Perbacco! Manca un Dalì – Pierfrancesco Favino che sarebbe stato fenomenale. I quattro Dalì, anzi cinque Dalì, vengono rincorsi per tutto il film da una giovane giornalista, la brava Anaïs Demoustier (“November”, “Alice e il sindaco”), che intende intervistarlo. Prima con carta e penna, come facevo anch’io negli anni ’80, poi con una cinepresa, poi con due, per farne un film spinta anche dal suo produttore, Romain Duris. Il Dalì che ha in testa Dupieux è un Dalì comico, eccessivo, grottesco, che non cambia molto da attore a attore, a dire il vero, e si muove nei primi anni ’80 quando il celebre artista era diventato un personaggio eccessivo e mediatico alla Carmelo Bene se non alla Sgarbi, completamente schiavo del suo personaggio.
Se una cosa ha di buono il film di Dupieux è proprio questa ossessione del mettere in scena senza freni il Dalì di un’epoca che apriva allo show del personaggio celebre in tv quando ancora il circo mediatico della tv non era così attrezzato a sostenerne l’urto assurdo e egocentrico. Da noi solo Carmelo Bene, ma un bel po’ più tardi, poteva vantare questa forza di messa in scena continua di se stesso. Modello per molti dei mostri-in-tv che verranno dopo. Rispetto al Dalì orrendo di ben Kingsley nel modestissimo “Daliland” di Mary Harron che abbiamo visto solo un anno fa, qui non solo c’è più divertimento, ma anche un filo di fedeltà in più al personaggio.

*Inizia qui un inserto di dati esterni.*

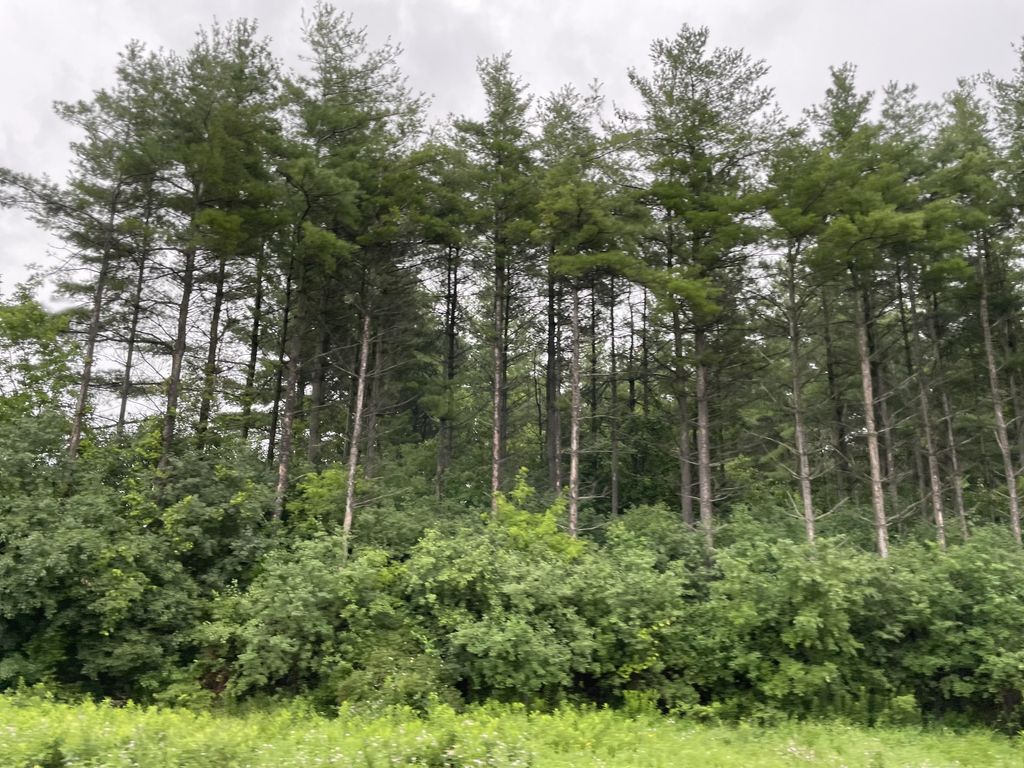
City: kitchener-waterloo
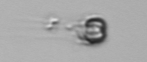
Label: Apedinella
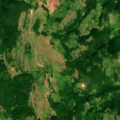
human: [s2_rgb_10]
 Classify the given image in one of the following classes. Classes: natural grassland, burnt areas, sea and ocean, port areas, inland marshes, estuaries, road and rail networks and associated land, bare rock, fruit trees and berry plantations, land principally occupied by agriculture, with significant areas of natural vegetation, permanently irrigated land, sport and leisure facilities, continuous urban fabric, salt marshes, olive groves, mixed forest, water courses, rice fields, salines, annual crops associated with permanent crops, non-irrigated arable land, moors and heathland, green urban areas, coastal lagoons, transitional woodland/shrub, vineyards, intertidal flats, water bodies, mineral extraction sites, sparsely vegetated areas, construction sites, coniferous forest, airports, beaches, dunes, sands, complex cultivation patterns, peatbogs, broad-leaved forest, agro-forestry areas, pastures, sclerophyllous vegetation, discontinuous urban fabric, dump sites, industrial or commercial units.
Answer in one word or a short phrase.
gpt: broad-leaved forest, transitional woodland/shrub
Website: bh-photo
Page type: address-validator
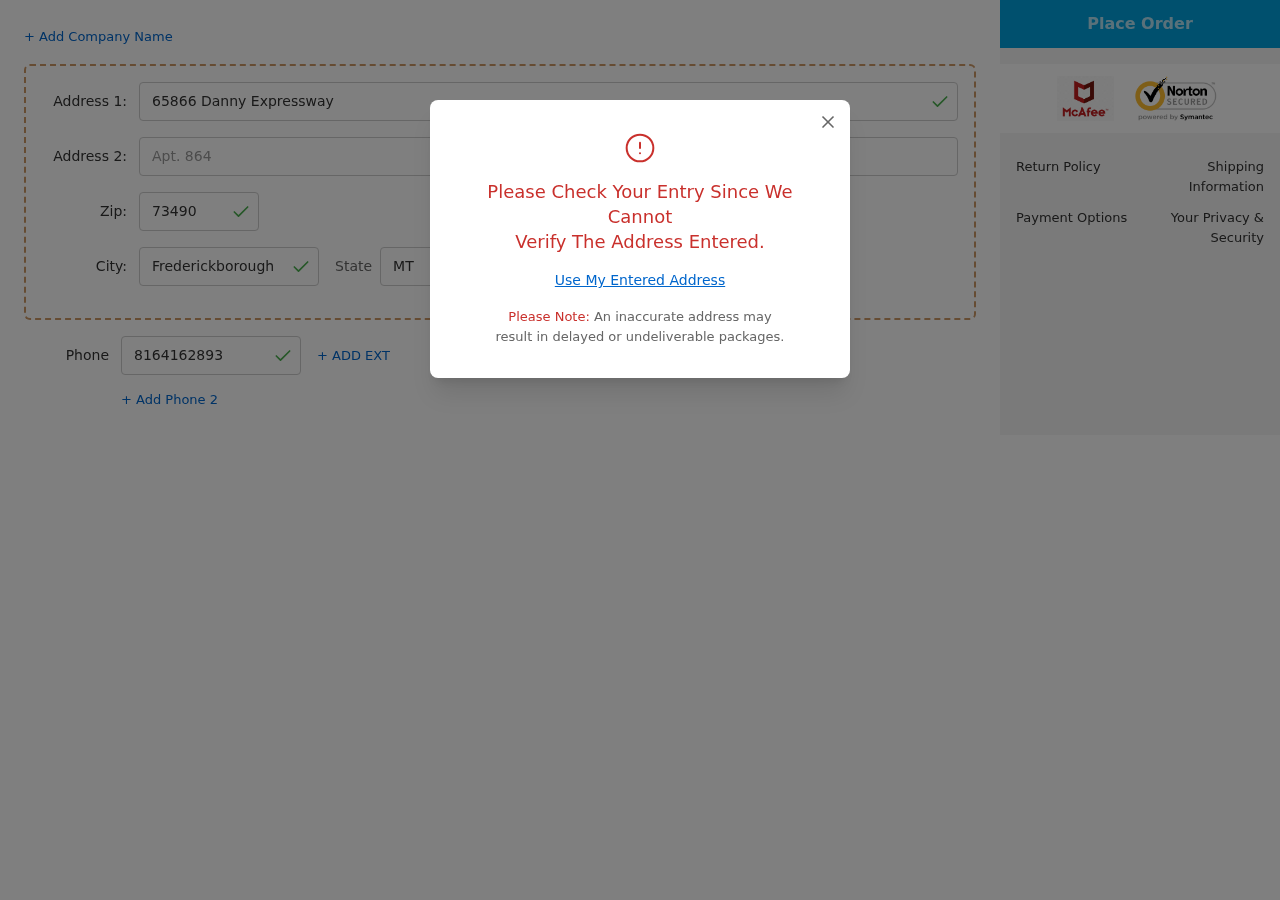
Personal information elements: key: PII_CITY
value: Frederickborough
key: PII_PHONE
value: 8164162893
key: PII_POSTCODE
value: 73490
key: PII_STATE_ABBR
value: MT
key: PII_STREET
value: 65866 Danny Expressway
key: PII_STREET2
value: Apt. 864
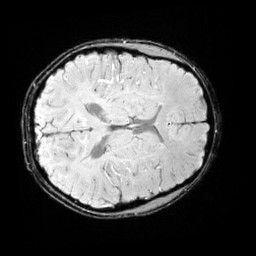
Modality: SWI
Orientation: axial
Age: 12
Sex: male
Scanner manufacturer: siemens
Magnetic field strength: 3 T
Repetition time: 0.027 s
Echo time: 0.02 s
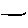
Label: line
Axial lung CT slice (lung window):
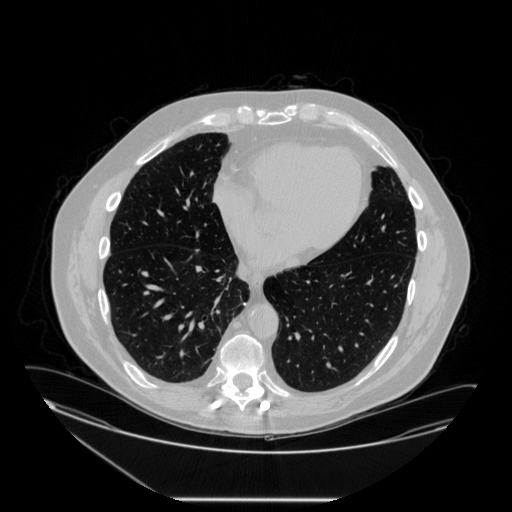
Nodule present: no
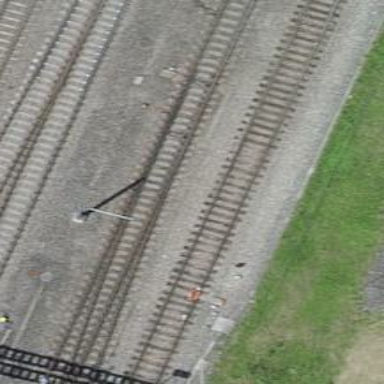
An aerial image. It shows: Railway switch.
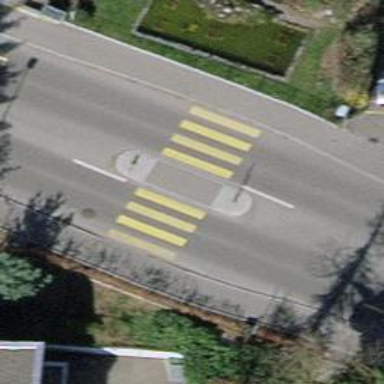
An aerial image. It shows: Uncontrolled crossing with central island on the road.
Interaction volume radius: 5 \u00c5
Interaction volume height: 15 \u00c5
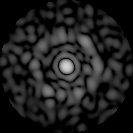
Disorder parameter: 0.8246
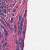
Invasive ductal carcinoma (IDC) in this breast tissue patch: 1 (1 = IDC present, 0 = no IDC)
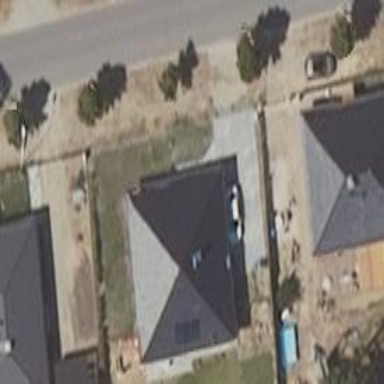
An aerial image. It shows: Detached building with hipped roof shape.
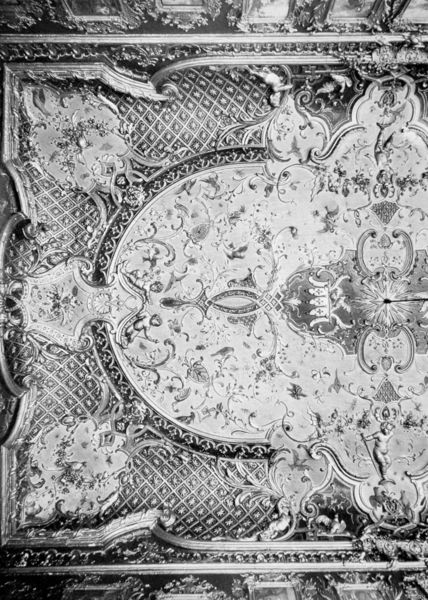
Titel: Reiche Zimmer, Miniaturenkabinett, Deckenstuck
Künstler: Johann Baptist Zimmermann
Standort: München
Institution: Residenz
Schlagwörter: blätter, dunkel, weiß, ausschnitt, blume, blumen, grau, hell, kariert, lampe, raum, schmuck, schwarz, blüten, schloss, malerei, muster, ornament, teppich, wand, barock, rahmen, silber, bild, spiegel, feld, zweige, kirche, gold, decke, blatt, girlande, pflanzen, krone, renaissance, rokoko, kreis, rund, schuppen, umrandung, engel, ranken, relief, bilder, leiste, bogen, rand, saal, figuren, könig, verkleidung, detail, dekor, floral, ornamente, verzierung, wandmalerei, stuck, edel, foto, fotografie, oben, photographie, punkte, gewölbe, burg, gepunktet, rechteck, palast, dom, schwarz-weiß, initialen, quer, wirr, tischplatte, ranke, photo, verziert, ecken, rauten, schnörkel, chwarz, dekce, verschlungen, kapelle, schlangen, achse, deckengemälde, deckenspiegel, fresko, stuckdecke, breit, golden, prunk, teuer, heilig, putten, graus, pflanzenornamentik, verziehrt, schwar, fresco, raster, relieff, groteske, photografie, gewölbt, arabeske, deckenmalerei, längsseite, einrahmung, rocaille, prachtvoll, spiegelgleich, medaillons, prächtig, prunkvoll, kries, deckenfresko, verzeirt, roccaille, verschnörkelt, deecke, querseite, rankel, rankelwerk, deatil, weis', rohmen
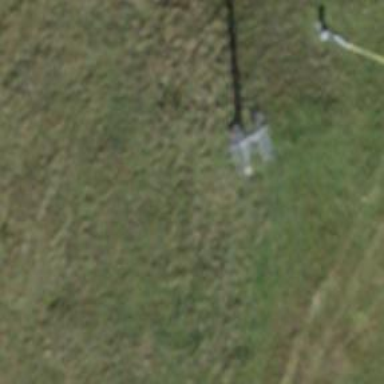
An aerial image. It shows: Pylon for aerialway.
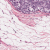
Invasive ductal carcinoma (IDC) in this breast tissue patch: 0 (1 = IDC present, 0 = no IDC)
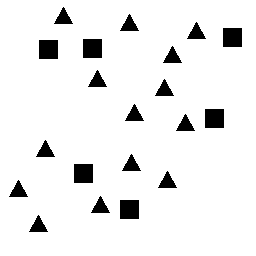
Squares: 6
Triangles: 14
Stars: 0
Total shapes: 20
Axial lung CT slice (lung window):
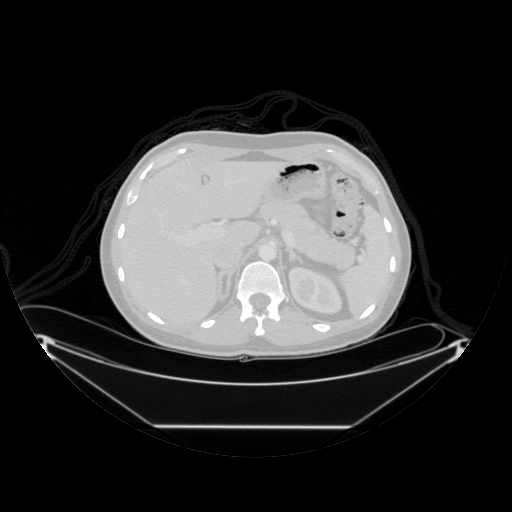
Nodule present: no
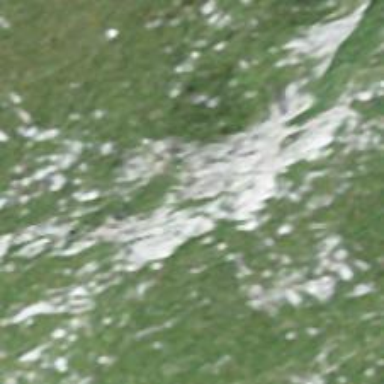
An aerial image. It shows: Natural cliff.
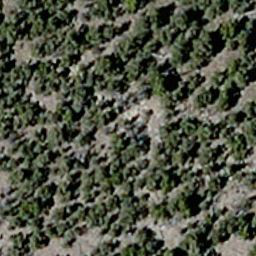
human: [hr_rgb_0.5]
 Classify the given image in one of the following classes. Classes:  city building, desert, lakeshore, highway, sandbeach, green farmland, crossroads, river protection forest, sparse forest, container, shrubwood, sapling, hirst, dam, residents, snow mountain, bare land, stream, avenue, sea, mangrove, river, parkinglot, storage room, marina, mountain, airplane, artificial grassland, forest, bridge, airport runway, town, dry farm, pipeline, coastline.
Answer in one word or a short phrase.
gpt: sparse forest
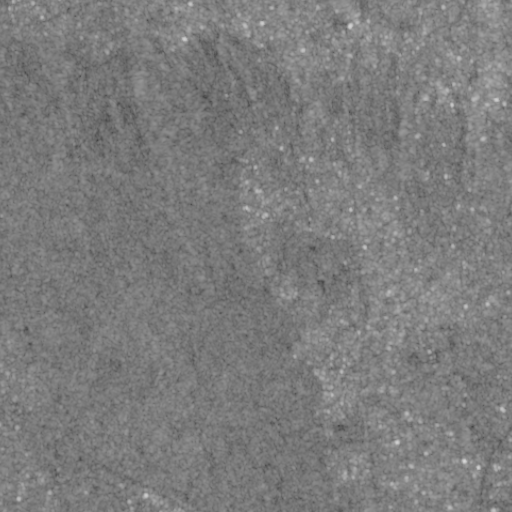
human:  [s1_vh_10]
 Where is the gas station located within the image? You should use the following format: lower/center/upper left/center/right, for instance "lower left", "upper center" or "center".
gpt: The gas station is located in the lower right of the image.
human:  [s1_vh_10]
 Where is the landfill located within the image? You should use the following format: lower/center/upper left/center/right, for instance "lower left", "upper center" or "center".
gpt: There is no landfill in the image.

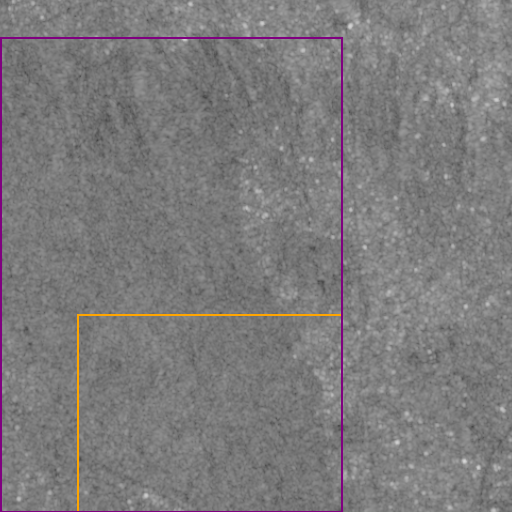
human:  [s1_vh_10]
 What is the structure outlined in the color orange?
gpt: The structure outlined in orange is a crop field.
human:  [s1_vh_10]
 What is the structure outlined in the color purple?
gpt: The structure outlined in purple is a park.
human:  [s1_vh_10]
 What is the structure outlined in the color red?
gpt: There is no red outline.

Edouard Baer, Quentin Dupiex, Anais Demoustier venezia
Dupieuz ha pure l’idea di unire ai tanti Dalì che presenta, una struttura onirico-surrealista alla Luis Bunuel, dove i racconti nei racconti nei racconti non finiscono mai. Devo dire che la cena con la zuppa di vermi a casa del giardiniere col prete bunelesco è piuttosto riuscita. Ma 90 minuti di un film dove si ripete sempre la stessa gag, pur cambiando gli attori, non è proprio quello che mi aspettavo dall’operazione. Presentato fuori concorso per smaltire i polpettoni di due ore e mezzo/tre ore della giornata.